Ekonomi Selandia Baru sedang berjuang melewati berbagai tantangan, terutama inflasi yang tinggi dan kenaikan suku bunga, menurut laporan dari Institut Penelitian Ekonomi Selandia Baru.

Tantangan-tantangan ini datang saat krisis tenaga kerja berkepanjangan masih melanda negara itu, dengan dampak pandemi COVID-19 yang masih terlihat jelas, terutama di sektor jasa. Faktor-faktor ini juga menekan pemulihan ekonomi, dengan tanda-tanda perlambatan aktivitas di banyak industri, kata Christina Leung, kepala ekonom di institut tersebut, pada Rabu (31/8).

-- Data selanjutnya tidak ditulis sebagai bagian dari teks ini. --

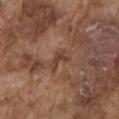{
  "image": {
    "source": "total-body photography crop",
    "field_of_view_mm": 15
  },
  "patient": {
    "sex": "male",
    "age_approx": 75
  },
  "site": "left upper arm",
  "automated_metrics": {
    "cielab_L": 41,
    "cielab_a": 19,
    "cielab_b": 27,
    "vs_skin_darker_L": 8.0,
    "vs_skin_contrast_norm": 6.5,
    "nevus_likeness_0_100": 0,
    "lesion_detection_confidence_0_100": 70
  },
  "lighting": "white-light",
  "lesion_size": {
    "long_diameter_mm_approx": 3.0
  }
}

"Tekanan biaya bagi rumah tangga maupun bisnis masih intens, dan hal ini mendorong pesimisme," sebut Leung, seraya menambahkan bahwa bank sentral di seluruh dunia merespons lonjakan inflasi dengan menaikkan suku bunga dengan cepat.

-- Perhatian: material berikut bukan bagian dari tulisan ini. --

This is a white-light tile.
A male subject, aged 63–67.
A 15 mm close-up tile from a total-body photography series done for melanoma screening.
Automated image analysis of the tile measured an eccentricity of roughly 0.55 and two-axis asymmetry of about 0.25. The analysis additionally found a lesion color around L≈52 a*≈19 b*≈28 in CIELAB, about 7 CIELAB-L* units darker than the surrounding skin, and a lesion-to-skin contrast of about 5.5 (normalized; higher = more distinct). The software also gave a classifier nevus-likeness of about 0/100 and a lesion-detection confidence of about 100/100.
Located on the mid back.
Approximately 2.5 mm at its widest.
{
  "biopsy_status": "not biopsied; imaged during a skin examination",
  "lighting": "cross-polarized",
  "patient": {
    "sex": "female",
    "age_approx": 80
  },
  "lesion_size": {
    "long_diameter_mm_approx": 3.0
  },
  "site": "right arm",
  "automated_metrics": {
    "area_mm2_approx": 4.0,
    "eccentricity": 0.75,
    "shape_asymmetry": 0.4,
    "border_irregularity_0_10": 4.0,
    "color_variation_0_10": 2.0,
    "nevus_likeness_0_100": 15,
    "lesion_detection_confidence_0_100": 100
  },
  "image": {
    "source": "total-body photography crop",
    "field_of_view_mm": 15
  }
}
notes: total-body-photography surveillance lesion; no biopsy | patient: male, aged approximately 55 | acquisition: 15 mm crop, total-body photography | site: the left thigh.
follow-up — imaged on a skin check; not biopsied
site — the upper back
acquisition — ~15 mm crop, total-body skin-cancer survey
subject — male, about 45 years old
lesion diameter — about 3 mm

"Meski ini memiliki efek peredam yang diharapkan terhadap permintaan, ada kekhawatiran bahwa aktivitas akan melambat hingga mendorong ekonomi ke dalam resesi," imbuhnya
"Meski ini memiliki efek peredam yang diharapkan terhadap permintaan, ada kekhawatiran bahwa aktivitas akan melambat hingga mendorong ekonomi ke dalam resesi," imbuhnya

Kenaikan suku bunga memiliki efek paling cepat terhadap pasar perumahan, dengan angka penjualan rumah turun dan penurunan harga rumah.

Data penjualan retail terbaru menunjukkan perlambatan dalam belanja retail, dan ini diperkirakan akan berlanjut seiring rumah tangga mengurangi aktivitas belanja guna melewati tantangan berupa kenaikan biaya hidup dan peningkatan pembayaran hipotek, kata Leung.

Terlepas dari berbagai tantangan itu, ke depannya masih terdapat sejumlah faktor yang mendukung pemulihan. Hal ini meliputi pertumbuhan pendapatan yang berkelanjutan, kemunculan tanda-tanda bahwa tekanan biaya mulai mereda, terutama dengan penurunan harga bahan bakar baru-baru ini, menurut laporan itu.